Stored data entries
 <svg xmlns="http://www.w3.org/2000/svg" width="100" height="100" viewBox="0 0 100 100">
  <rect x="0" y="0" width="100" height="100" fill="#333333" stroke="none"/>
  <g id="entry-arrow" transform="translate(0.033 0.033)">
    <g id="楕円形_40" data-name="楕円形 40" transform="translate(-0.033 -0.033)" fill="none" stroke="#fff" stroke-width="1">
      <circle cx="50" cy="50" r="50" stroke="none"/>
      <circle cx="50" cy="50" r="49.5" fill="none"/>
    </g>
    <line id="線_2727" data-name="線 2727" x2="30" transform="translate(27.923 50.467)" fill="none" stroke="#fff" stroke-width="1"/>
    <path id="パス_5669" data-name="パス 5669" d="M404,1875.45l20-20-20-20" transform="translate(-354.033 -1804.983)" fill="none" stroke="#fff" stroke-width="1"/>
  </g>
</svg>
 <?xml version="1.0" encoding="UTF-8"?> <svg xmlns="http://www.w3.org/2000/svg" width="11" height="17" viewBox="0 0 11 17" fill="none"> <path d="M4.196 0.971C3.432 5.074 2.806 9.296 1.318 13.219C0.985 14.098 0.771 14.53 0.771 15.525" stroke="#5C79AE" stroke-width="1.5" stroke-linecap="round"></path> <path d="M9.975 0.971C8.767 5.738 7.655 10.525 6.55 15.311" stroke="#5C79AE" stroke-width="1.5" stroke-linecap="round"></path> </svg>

Your instructions:
Look through the entries for lines containing the word "translate" and return each one.

Reply to the task:
  <g id="entry-arrow" transform="translate(0.033 0.033)">
    <g id="楕円形_40" data-name="楕円形 40" transform="translate(-0.033 -0.033)" fill="none" stroke="#fff" stroke-width="1">
    <line id="線_2727" data-name="線 2727" x2="30" transform="translate(27.923 50.467)" fill="none" stroke="#fff" stroke-width="1"/>
    <path id="パス_5669" data-name="パス 5669" d="M404,1875.45l20-20-20-20" transform="translate(-354.033 -1804.983)" fill="none" stroke="#fff" stroke-width="1"/>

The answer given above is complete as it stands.